Yesterday, Ken and I both went to the boatyard to apply the cleaner/wax remover to our sailboat.  We brought a bunch of old, clean t-shirts to use for the application and removal of the cleaner.  Luckily, Ken has a scaffold that we used to stand on and reach the sailboat hull.  We each worked on a section of the sailboat, then moved on down with the scaffold.  This was easy compared to sanding the bottom of the sailboat!  It seemed to us that the cleaner/wax remover was probably nothing more than acetone, but we're not sure.  Afterwards, Ken scrubbed our sailboat again with Dawn dish detergent while I scrubbed the sailboat blisters.  While our sailboat dried, we went to lunch and took a break.

After lunch, Ken LIGHTLY started working on sections of our sailboat hull since he needed the scaffold, and hit the hull with a grinder on the areas that had been previously (and poorly) repaired.  He then lightly sanded the hull and then I applied the cleaner one more time.  Ken then mixed some marine filler and applied it where necessary.  After working all week, we were tired by the time we finished one side and the back of our sailboat.  So, we called it a day and will hope to be back in the boatyard on Tuesday, since it's supposed to rain today and we both have to work at our real jobs tomorrow. 

So, once again we're not as far on this project as we'd hoped to be since we needed to clean the boat with Dawn and wax remover.  But, while our sailboat is out of the water and we're already putting so much work into it, we want to do it right.  After we finish prepping the other side of our sailboat we'll finally be ready to apply the sailboat primer. 

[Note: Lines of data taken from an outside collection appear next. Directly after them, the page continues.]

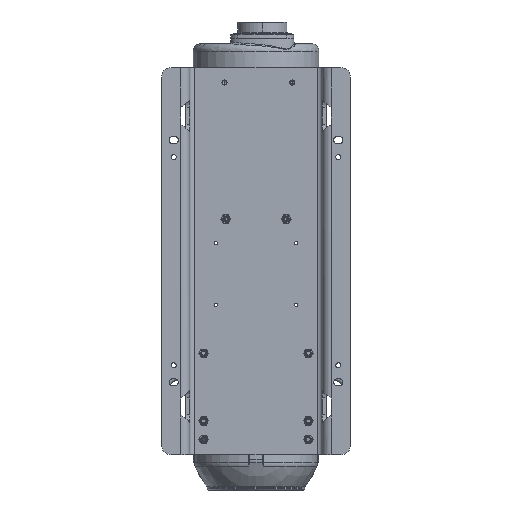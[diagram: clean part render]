
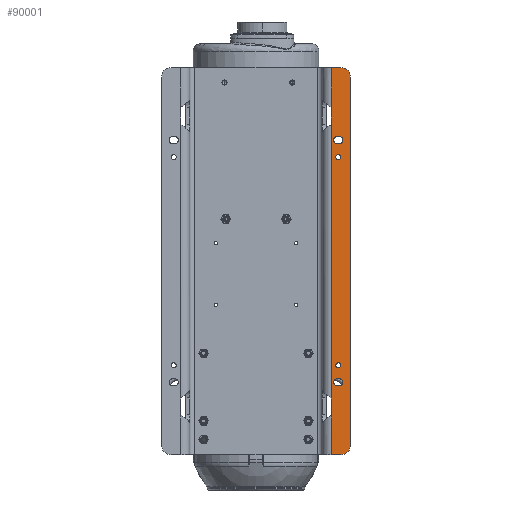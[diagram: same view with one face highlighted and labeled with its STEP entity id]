
A CAD part, front view. The second image highlights one B-rep face of the part: STEP entity #90001.
In plain terms, the highlighted planar face has unit normal (0, -1, 0).
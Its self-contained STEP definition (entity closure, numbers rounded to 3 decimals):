
#19364=DIRECTION('',(0.,0.,-1.));
#19365=VECTOR('',#19364,565.);
#19366=CARTESIAN_POINT('',(155.,-80.,-86.5));
#19367=LINE('',#19366,#19365);
#19368=DIRECTION('',(0.,0.,-1.));
#19369=VECTOR('',#19368,35.);
#19370=CARTESIAN_POINT('',(155.,-80.,-51.5));
#19371=LINE('',#19370,#19369);
#19372=DIRECTION('',(0.,0.,-1.));
#19373=VECTOR('',#19372,82.5);
#19374=CARTESIAN_POINT('',(155.,-80.,31.));
#19375=LINE('',#19374,#19373);
#19376=CARTESIAN_POINT('',(175.,-80.,11.));
#19377=DIRECTION('',(0.,-1.,0.));
#19378=DIRECTION('',(1.,0.,0.));
#19379=AXIS2_PLACEMENT_3D('',#19376,#19377,#19378);
#19381=CARTESIAN_POINT('',(175.,-80.,-749.));
#19382=DIRECTION('',(0.,-1.,0.));
#19383=DIRECTION('',(0.,0.,-1.));
#19384=AXIS2_PLACEMENT_3D('',#19381,#19382,#19383);
#19386=DIRECTION('',(0.,0.,-1.));
#19387=VECTOR('',#19386,82.5);
#19388=CARTESIAN_POINT('',(155.,-80.,-686.5));
#19389=LINE('',#19388,#19387);
#19390=DIRECTION('',(0.,0.,-1.));
#19391=VECTOR('',#19390,35.);
#19392=CARTESIAN_POINT('',(155.,-80.,-651.5));
#19393=LINE('',#19392,#19391);
#19394=DIRECTION('',(-1.,0.,0.));
#19395=VECTOR('',#19394,2.5);
#19396=CARTESIAN_POINT('',(172.5,-80.,-612.));
#19397=LINE('',#19396,#19395);
#19398=DIRECTION('',(-1.,0.,0.));
#19399=VECTOR('',#19398,2.5);
#19400=CARTESIAN_POINT('',(170.,-80.,-612.));
#19401=LINE('',#19400,#19399);
#19402=CARTESIAN_POINT('',(167.5,-80.,-619.));
#19403=DIRECTION('',(0.,1.,0.));
#19404=DIRECTION('',(0.,0.,-1.));
#19405=AXIS2_PLACEMENT_3D('',#19402,#19403,#19404);
#19407=DIRECTION('',(1.,0.,0.));
#19408=VECTOR('',#19407,2.5);
#19409=CARTESIAN_POINT('',(167.5,-80.,-626.));
#19410=LINE('',#19409,#19408);
#19411=DIRECTION('',(1.,0.,0.));
#19412=VECTOR('',#19411,2.5);
#19413=CARTESIAN_POINT('',(170.,-80.,-626.));
#19414=LINE('',#19413,#19412);
#19415=CARTESIAN_POINT('',(172.5,-80.,-619.));
#19416=DIRECTION('',(0.,1.,0.));
#19417=DIRECTION('',(0.,0.,1.));
#19418=AXIS2_PLACEMENT_3D('',#19415,#19416,#19417);
#19420=DIRECTION('',(-1.,0.,0.));
#19421=VECTOR('',#19420,2.5);
#19422=CARTESIAN_POINT('',(172.5,-80.,-112.));
#19423=LINE('',#19422,#19421);
#19424=DIRECTION('',(-1.,0.,0.));
#19425=VECTOR('',#19424,2.5);
#19426=CARTESIAN_POINT('',(170.,-80.,-112.));
#19427=LINE('',#19426,#19425);
#19428=CARTESIAN_POINT('',(167.5,-80.,-119.));
#19429=DIRECTION('',(0.,1.,0.));
#19430=DIRECTION('',(0.,0.,-1.));
#19431=AXIS2_PLACEMENT_3D('',#19428,#19429,#19430);
#19433=DIRECTION('',(1.,0.,0.));
#19434=VECTOR('',#19433,2.5);
#19435=CARTESIAN_POINT('',(167.5,-80.,-126.));
#19436=LINE('',#19435,#19434);
#19437=DIRECTION('',(1.,0.,0.));
#19438=VECTOR('',#19437,2.5);
#19439=CARTESIAN_POINT('',(170.,-80.,-126.));
#19440=LINE('',#19439,#19438);
#19441=CARTESIAN_POINT('',(172.5,-80.,-119.));
#19442=DIRECTION('',(0.,1.,0.));
#19443=DIRECTION('',(0.,0.,1.));
#19444=AXIS2_PLACEMENT_3D('',#19441,#19442,#19443);
#19446=CARTESIAN_POINT('',(170.,-80.,-584.));
#19447=DIRECTION('',(0.,1.,0.));
#19448=DIRECTION('',(0.,0.,-1.));
#19449=AXIS2_PLACEMENT_3D('',#19446,#19447,#19448);
#19451=CARTESIAN_POINT('',(170.,-80.,-584.));
#19452=DIRECTION('',(0.,1.,0.));
#19453=DIRECTION('',(0.,0.,1.));
#19454=AXIS2_PLACEMENT_3D('',#19451,#19452,#19453);
#19456=CARTESIAN_POINT('',(170.,-80.,-154.));
#19457=DIRECTION('',(0.,1.,0.));
#19458=DIRECTION('',(0.,0.,-1.));
#19459=AXIS2_PLACEMENT_3D('',#19456,#19457,#19458);
#19461=CARTESIAN_POINT('',(170.,-80.,-154.));
#19462=DIRECTION('',(0.,1.,0.));
#19463=DIRECTION('',(0.,0.,1.));
#19464=AXIS2_PLACEMENT_3D('',#19461,#19462,#19463);
#19523=CARTESIAN_POINT('',(155.,-80.,-86.5));
#19743=CARTESIAN_POINT('',(155.,-80.,-686.5));
#19761=DIRECTION('',(1.,0.,0.));
#19762=VECTOR('',#19761,20.);
#19763=CARTESIAN_POINT('',(155.,-80.,-769.));
#19764=LINE('',#19763,#19762);
#19769=DIRECTION('',(0.,0.,-1.));
#19770=VECTOR('',#19769,760.);
#19771=CARTESIAN_POINT('',(195.,-80.,11.));
#19772=LINE('',#19771,#19770);
#19785=DIRECTION('',(1.,0.,0.));
#19786=VECTOR('',#19785,20.);
#19787=CARTESIAN_POINT('',(155.,-80.,31.));
#19788=LINE('',#19787,#19786);
#71142=CARTESIAN_POINT('',(155.,-80.,31.));
#71143=VERTEX_POINT('',#71142);
#71158=CARTESIAN_POINT('',(155.,-80.,-769.));
#71159=VERTEX_POINT('',#71158);
#71164=CARTESIAN_POINT('',(175.,-80.,-769.));
#71165=VERTEX_POINT('',#71164);
#71166=CARTESIAN_POINT('',(195.,-80.,-749.));
#71167=VERTEX_POINT('',#71166);
#71180=CARTESIAN_POINT('',(195.,-80.,11.));
#71181=VERTEX_POINT('',#71180);
#71182=CARTESIAN_POINT('',(175.,-80.,31.));
#71183=VERTEX_POINT('',#71182);
#71230=VERTEX_POINT('',#19523);
#71231=CARTESIAN_POINT('',(155.,-80.,-51.5));
#71232=VERTEX_POINT('',#71231);
#71233=VERTEX_POINT('',#19743);
#71234=CARTESIAN_POINT('',(155.,-80.,-651.5));
#71235=VERTEX_POINT('',#71234);
#71344=CARTESIAN_POINT('',(172.5,-80.,-112.));
#71345=CARTESIAN_POINT('',(170.,-80.,-112.));
#71346=VERTEX_POINT('',#71344);
#71347=VERTEX_POINT('',#71345);
#71348=CARTESIAN_POINT('',(167.5,-80.,-112.));
#71349=VERTEX_POINT('',#71348);
#71350=CARTESIAN_POINT('',(167.5,-80.,-126.));
#71351=VERTEX_POINT('',#71350);
#71352=CARTESIAN_POINT('',(170.,-80.,-126.));
#71353=VERTEX_POINT('',#71352);
#71354=CARTESIAN_POINT('',(172.5,-80.,-126.));
#71355=VERTEX_POINT('',#71354);
#71356=CARTESIAN_POINT('',(172.5,-80.,-612.));
#71357=CARTESIAN_POINT('',(170.,-80.,-612.));
#71358=VERTEX_POINT('',#71356);
#71359=VERTEX_POINT('',#71357);
#71360=CARTESIAN_POINT('',(167.5,-80.,-612.));
#71361=VERTEX_POINT('',#71360);
#71362=CARTESIAN_POINT('',(167.5,-80.,-626.));
#71363=VERTEX_POINT('',#71362);
#71364=CARTESIAN_POINT('',(170.,-80.,-626.));
#71365=VERTEX_POINT('',#71364);
#71366=CARTESIAN_POINT('',(172.5,-80.,-626.));
#71367=VERTEX_POINT('',#71366);
#71380=CARTESIAN_POINT('',(170.,-80.,-589.25));
#71381=CARTESIAN_POINT('',(170.,-80.,-578.75));
#71382=VERTEX_POINT('',#71380);
#71383=VERTEX_POINT('',#71381);
#71388=CARTESIAN_POINT('',(170.,-80.,-159.25));
#71389=CARTESIAN_POINT('',(170.,-80.,-148.75));
#71390=VERTEX_POINT('',#71388);
#71391=VERTEX_POINT('',#71389);
#89935=CARTESIAN_POINT('',(155.,-80.,31.));
#89936=DIRECTION('',(0.,1.,0.));
#89937=DIRECTION('',(1.,0.,0.));
#89938=AXIS2_PLACEMENT_3D('',#89935,#89936,#89937);
#89939=PLANE('',#89938);
#89941=ORIENTED_EDGE('',*,*,#89940,.F.);
#89942=ORIENTED_EDGE('',*,*,#89929,.F.);
#89944=ORIENTED_EDGE('',*,*,#89943,.F.);
#89946=ORIENTED_EDGE('',*,*,#89945,.T.);
#89948=ORIENTED_EDGE('',*,*,#89947,.F.);
#89950=ORIENTED_EDGE('',*,*,#89949,.T.);
#89952=ORIENTED_EDGE('',*,*,#89951,.F.);
#89954=ORIENTED_EDGE('',*,*,#89953,.F.);
#89956=ORIENTED_EDGE('',*,*,#89955,.F.);
#89958=ORIENTED_EDGE('',*,*,#89957,.F.);
#89959=EDGE_LOOP('',(#89941,#89942,#89944,#89946,#89948,#89950,#89952,#89954,
#89956,#89958));
#89960=FACE_OUTER_BOUND('',#89959,.F.);
#89962=ORIENTED_EDGE('',*,*,#89961,.T.);
#89964=ORIENTED_EDGE('',*,*,#89963,.T.);
#89966=ORIENTED_EDGE('',*,*,#89965,.F.);
#89968=ORIENTED_EDGE('',*,*,#89967,.T.);
#89970=ORIENTED_EDGE('',*,*,#89969,.T.);
#89972=ORIENTED_EDGE('',*,*,#89971,.F.);
#89973=EDGE_LOOP('',(#89962,#89964,#89966,#89968,#89970,#89972));
#89974=FACE_BOUND('',#89973,.F.);
#89976=ORIENTED_EDGE('',*,*,#89975,.T.);
#89978=ORIENTED_EDGE('',*,*,#89977,.T.);
#89980=ORIENTED_EDGE('',*,*,#89979,.F.);
#89982=ORIENTED_EDGE('',*,*,#89981,.T.);
#89984=ORIENTED_EDGE('',*,*,#89983,.T.);
#89986=ORIENTED_EDGE('',*,*,#89985,.F.);
#89987=EDGE_LOOP('',(#89976,#89978,#89980,#89982,#89984,#89986));
#89988=FACE_BOUND('',#89987,.F.);
#89990=ORIENTED_EDGE('',*,*,#89989,.F.);
#89992=ORIENTED_EDGE('',*,*,#89991,.F.);
#89993=EDGE_LOOP('',(#89990,#89992));
#89994=FACE_BOUND('',#89993,.F.);
#89996=ORIENTED_EDGE('',*,*,#89995,.F.);
#89998=ORIENTED_EDGE('',*,*,#89997,.F.);
#89999=EDGE_LOOP('',(#89996,#89998));
#90000=FACE_BOUND('',#89999,.F.);
#90001=ADVANCED_FACE('',(#89960,#89974,#89988,#89994,#90000),#89939,.F.);
#19380=CIRCLE('',#19379,20.);
#19385=CIRCLE('',#19384,20.);
#19406=CIRCLE('',#19405,7.);
#19419=CIRCLE('',#19418,7.);
#19432=CIRCLE('',#19431,7.);
#19445=CIRCLE('',#19444,7.);
#19450=CIRCLE('',#19449,5.25);
#19455=CIRCLE('',#19454,5.25);
#19460=CIRCLE('',#19459,5.25);
#19465=CIRCLE('',#19464,5.25);
#89929=EDGE_CURVE('',#71232,#71230,#19371,.T.);
#89940=EDGE_CURVE('',#71230,#71235,#19367,.T.);
#89943=EDGE_CURVE('',#71143,#71232,#19375,.T.);
#89945=EDGE_CURVE('',#71143,#71183,#19788,.T.);
#89947=EDGE_CURVE('',#71181,#71183,#19380,.T.);
#89949=EDGE_CURVE('',#71181,#71167,#19772,.T.);
#89951=EDGE_CURVE('',#71165,#71167,#19385,.T.);
#89953=EDGE_CURVE('',#71159,#71165,#19764,.T.);
#89955=EDGE_CURVE('',#71233,#71159,#19389,.T.);
#89957=EDGE_CURVE('',#71235,#71233,#19393,.T.);
#89961=EDGE_CURVE('',#71358,#71359,#19397,.T.);
#89963=EDGE_CURVE('',#71359,#71361,#19401,.T.);
#89965=EDGE_CURVE('',#71363,#71361,#19406,.T.);
#89967=EDGE_CURVE('',#71363,#71365,#19410,.T.);
#89969=EDGE_CURVE('',#71365,#71367,#19414,.T.);
#89971=EDGE_CURVE('',#71358,#71367,#19419,.T.);
#89975=EDGE_CURVE('',#71346,#71347,#19423,.T.);
#89977=EDGE_CURVE('',#71347,#71349,#19427,.T.);
#89979=EDGE_CURVE('',#71351,#71349,#19432,.T.);
#89981=EDGE_CURVE('',#71351,#71353,#19436,.T.);
#89983=EDGE_CURVE('',#71353,#71355,#19440,.T.);
#89985=EDGE_CURVE('',#71346,#71355,#19445,.T.);
#89989=EDGE_CURVE('',#71382,#71383,#19450,.T.);
#89991=EDGE_CURVE('',#71383,#71382,#19455,.T.);
#89995=EDGE_CURVE('',#71390,#71391,#19460,.T.);
#89997=EDGE_CURVE('',#71391,#71390,#19465,.T.);

Also, sometime during this week I need to cut out a bunch of fiberglass circles that we'll be applying to our EIGHTY-ONE blisters!  If I cut them while watching tv, it won't be so time consuming and we'll have them when we need them.  We'll be addressing the blisters and our sailboat bottom after the hull is painted.

We're trying to be patient, and we know it will be worth it, but we're ready to get our sailboat back in the water!  Every time we think we can move to the next step, we learn of something else that needs to be done first.  However, we are really grateful to our fellow sailboat owners at the boatyard who offered their advice, as we would have not known we had sailboat blisters or known to remove the wax on the hull. 

Hopefully our next post will be about priming our sailboat!  Hasta luego ... until then.  Mid-Life Cruising!


laura said...

You'll just appreciate the whole sailing experience even more after all that work! And look at the bright side; think of all the calories your burning along with toning your arms!

Sandee said...

I too am glad you have folks helping you. I know nothing about the upkeep on a sailboat. Glad you are learning as you go. Just hang in there as your experience seems no different that what the rest of us boaters go through. Just saying.

Have a terrific day. :)

Ken n Cheryl said...

Yeah, we know that our experiences are typical of being a sailboat owner. Although we can't wait to get Nirvana back in the water, we're not discouraged. It would be nice to lose a couple of pounds during the process, but haven't seen it yet.

Windtraveler said...

Oh boy do we know about this! Everytime you learn one thing, you learn 10 more things you haven't considered! You'll get there, slowly but surely! Keep it up!